This article is a WTF explainer, in which we break down media and marketing’s most confusing terms. More from the series →

Digital video’s share of ad spending is growing and, with it, the need for standards that govern it. The result is an alphabet soup of ad tech jargon like VAST, VPAID and MRAID. They sound confusing, but they don’t have to be. Here’s a primer on what they are and why they matter.

Let’s start from the beginning. WTF is VAST?
VAST, or “Video Ad Serving Template,” is a script that gives video players information about which ad to play, how the ad should show up, how long it should last, and whether users are able to skip it.

Sounds like ad tech. Why is this important?
It’s important because it’s what lets video players and ad servers speak the same language. Standards mean scale, which means more volume for publishers to sell and more revenue.

OK. But why does it matter?
“The idea behind VAST is to avoid forcing a publisher to change its video stack just to use different ad servers,” said Eric Boyd, director of product at JW Player, which sells video player technology to publishers.

VAST has been around for a while. What’s changed?
VAST has grown alongside — or in response to — the demands of publishers and advertisers. Version 3.0 let video players signal which ad formats they wanted — linear, linear skippable — which was a big deal for publishers that wanted to play certain formats and not others. The Interactive Advertising Bureau this month released VAST 4.0, the first update to the video ad standards since version 3.0 came out in 2012.

What’s the catch?
With VAST, a big sticking point is adoption — or lack thereof. “VAST 4.0 has been released for public comment, but few publishers and video players support version 3.0, and most are still using version 2.0,” said Josh Speyer, CEO of mobile video ad company AerServ. “So while there are some useful additions and features in the newer VAST versions, because the industry has been slow to adopt them, VAST has not been able to evolve as quickly as it could and should.”

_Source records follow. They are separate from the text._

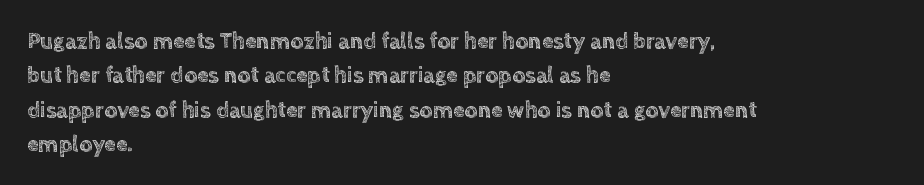
Q: Is the text italic (slanted)? A: No, it is upright.
Q: Is the text underlined? A: No.
Q: How is the paragraph aligned? A: Left-aligned.
Q: Is the spacing between letters normal or unusually wide? A: Normal.
Q: Is the spacing between lines tight, normal or loose? A: Normal.
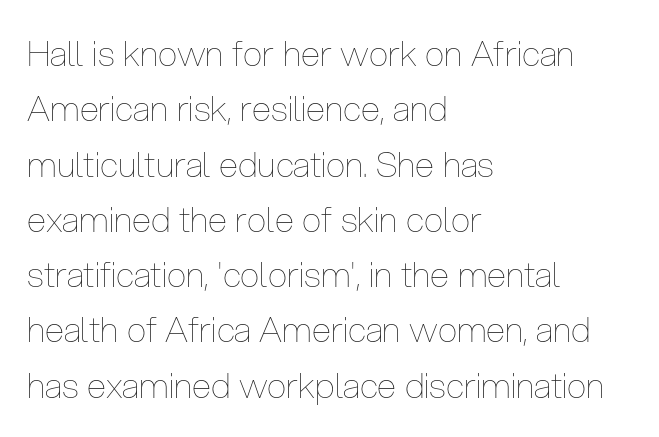
Default kerning and tracking; the words read as compact shapes. A light-to-regular cut is what we see here. This sample is left-justified, so line endings fall wherever the words run out. Character widths vary here, with narrow letters taking less room than wide ones. The lettering stays uniformly vertical, giving the passage a roman look. This sample keeps an unexceptional amount of space between lines.
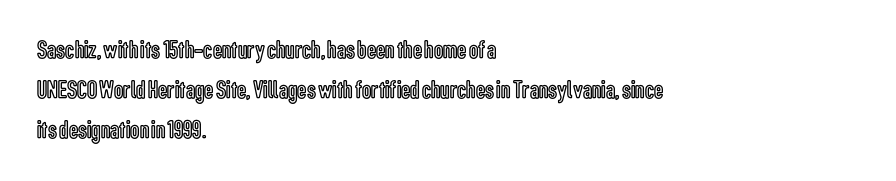
{"italic": "no", "underline": "no", "align": "left", "line_spacing": "normal", "line_spacing_ratio": 1.53, "letter_spacing": "normal", "letter_spacing_em": 0.0, "glyph_px": 26}
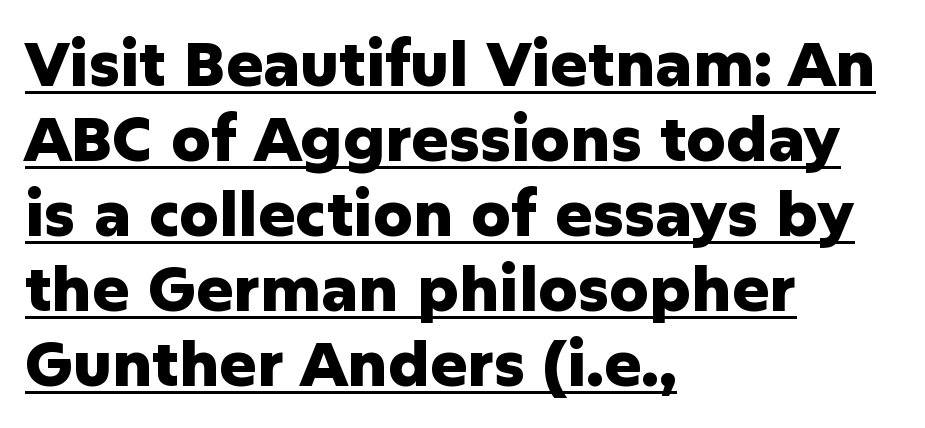
Q: Is the text bold? A: Yes.
Q: Is the text italic (slanted)? A: No, it is upright.
Q: Is the typeface a serif or a sans-serif typeface? A: Sans-serif.
Q: Is the text underlined? A: Yes.
Q: How is the paragraph aligned? A: Left-aligned.
Q: Is the spacing between letters normal or unusually wide? A: Normal.
Q: Width (condensed, normal, or wide)? A: Normal.
Q: Stroke contrast? A: Low.
Q: x-height? A: Medium.
Q: Monospaced? A: No.
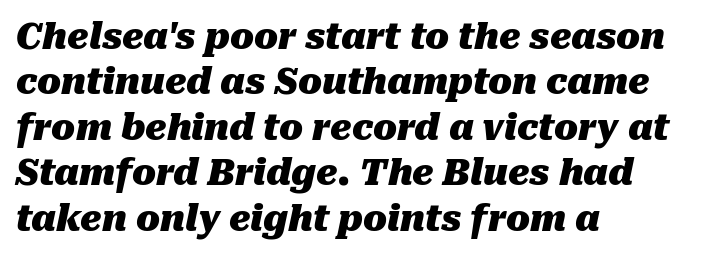
{"italic": "yes", "lean": "right", "slant_degrees": 10, "bold": "yes", "weight": "heavy", "width": "normal", "stroke_contrast": "medium", "x_height": "medium", "monospaced": "no", "underline": "no", "align": "left", "line_spacing": "normal", "line_spacing_ratio": 1.3, "letter_spacing": "normal", "letter_spacing_em": 0.0, "glyph_px": 35}
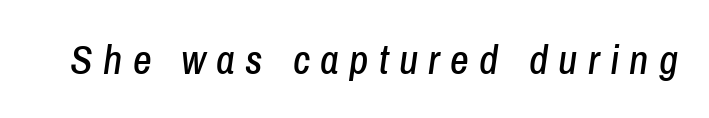
Decoration check: the copy has no underline. It's the slanting kind of type. A typesetter would call this proportional, since set widths differ per character. Caption: expanded tracking, letters set apart.
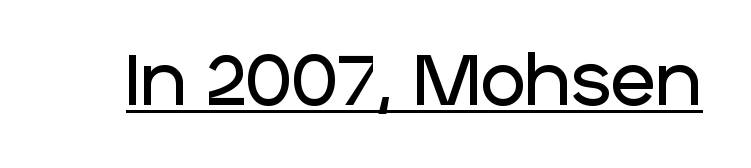
The image shows 70 px sans-serif type, upright; set normal letter spacing, underlined; low stroke contrast and a large x-height.
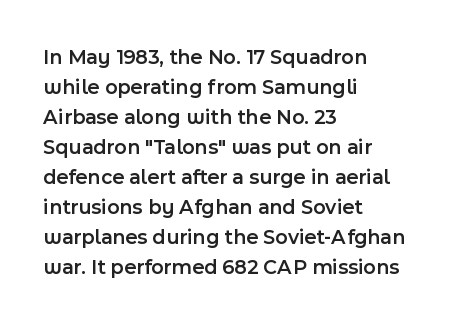
What weight is shown? A semibold, between regular and bold. Nobody touched the tracking dial on this one. This sample keeps an unexceptional amount of space between lines. The typography opts for an upright posture over an oblique one. These lines stack with their left ends in a neat column. The specimen omits any rule beneath the text block's lines.
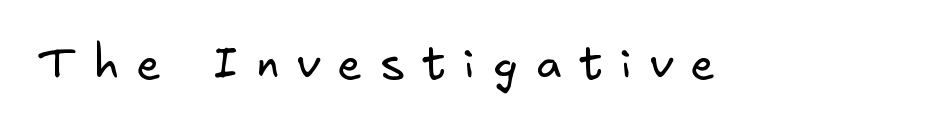
Q: Is the text bold? A: No.
Q: Is the typeface a serif or a sans-serif typeface? A: Sans-serif.
Q: Is the text underlined? A: No.
Q: Is the spacing between letters normal or unusually wide? A: Unusually wide.
Q: Width (condensed, normal, or wide)? A: Normal.
Q: Stroke contrast? A: Low.
Q: x-height? A: Small.

Does all this have anything to do with the viewability issue I keep hearing about?
Sort of. One of the big limitations with VAST is that it didn’t support viewability standards until VAST 4.0, the latest version. Instead, the industry had to cobble together a solution with VPAID.

Wait, VPAID?
VPAID (“Video Player Ad-Serving Interface Definition”) is just code that runs within video players. It’s what jazzes up a run-of-the-mill car ad and makes it an interactive one with features like overlays that let viewers click to read more. Advertisers like ads that trigger a response from viewers so they can measure their effectiveness.

A lot of this sounds very desktop-heavy. What about mobile?
Both VAST and VPAID were initially developed in the pre-mobile, pre-app world. So the IAB developed MRAID, (Mobile Rich Media Ad Interface Definitions), a standard for rich-media ads that run in mobile apps. In March, the IAB updated MRAID standard to incorporate some of VPAID’s functionality.

Is that it?
Well, VPAID also helps give advertisers more info about about how ads are actually performing. And interactivity. Did we mention that advertisers love interactivity?

You say “interactive,” I hear “Flash.” I thought Flash was dead.
Not quite yet, but it’s on its way out. Flash also doesn’t work on mobile, which is they there’s another standard.

Please — no more standards.
Sorry, but ad tech loves standards. The last one, MRAID (““Mobile Rich Media Ad Interface Definitions”), is the standard for creating rich-media ads on mobile. It’s what lets apps show you all sorts of ad formats within mobile devices.